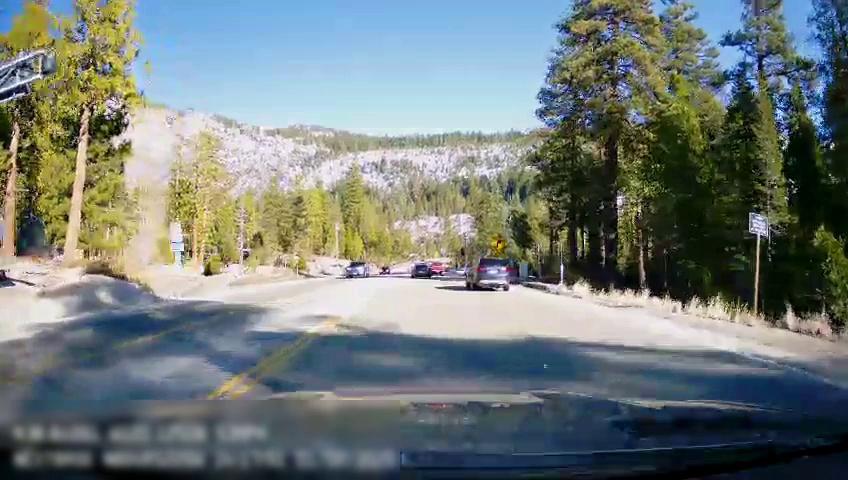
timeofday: Day
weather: Sunny
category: Drivable Space
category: Vehicles | SUV
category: Vehicles | Car
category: Vehicles | Car
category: Vehicles | SUV
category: Vehicles | Car
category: Lanes | Opposite Lane
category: Lanes | Opposite Lane
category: Lanes | Opposite Lane
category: Lanes | Current Lane
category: Traffic | Signs
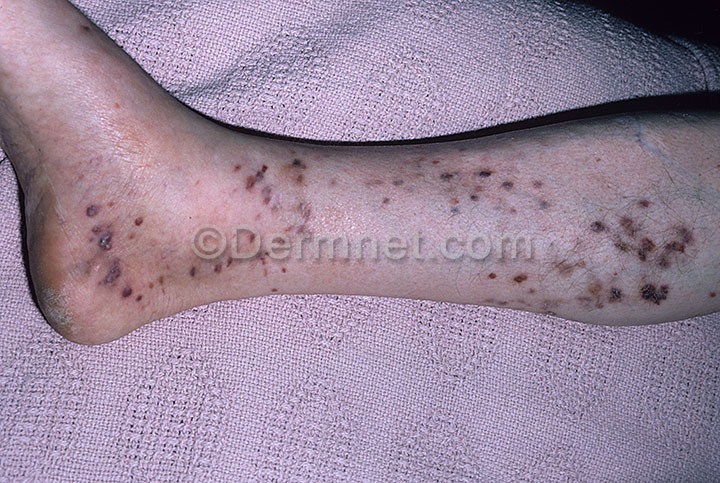
Disease: Vascular Tumors

- - - -

▶ **Exercise**
Write out each entry above once more, exactly as written, and drop the pictures.

▶ **Response to the exercise**
timeofday: Day
weather: Sunny
category: Drivable Space
category: Vehicles | SUV
category: Vehicles | Car
category: Vehicles | Car
category: Vehicles | SUV
category: Vehicles | Car
category: Lanes | Opposite Lane
category: Lanes | Opposite Lane
category: Lanes | Opposite Lane
category: Lanes | Current Lane
category: Traffic | Signs
Disease: Vascular Tumors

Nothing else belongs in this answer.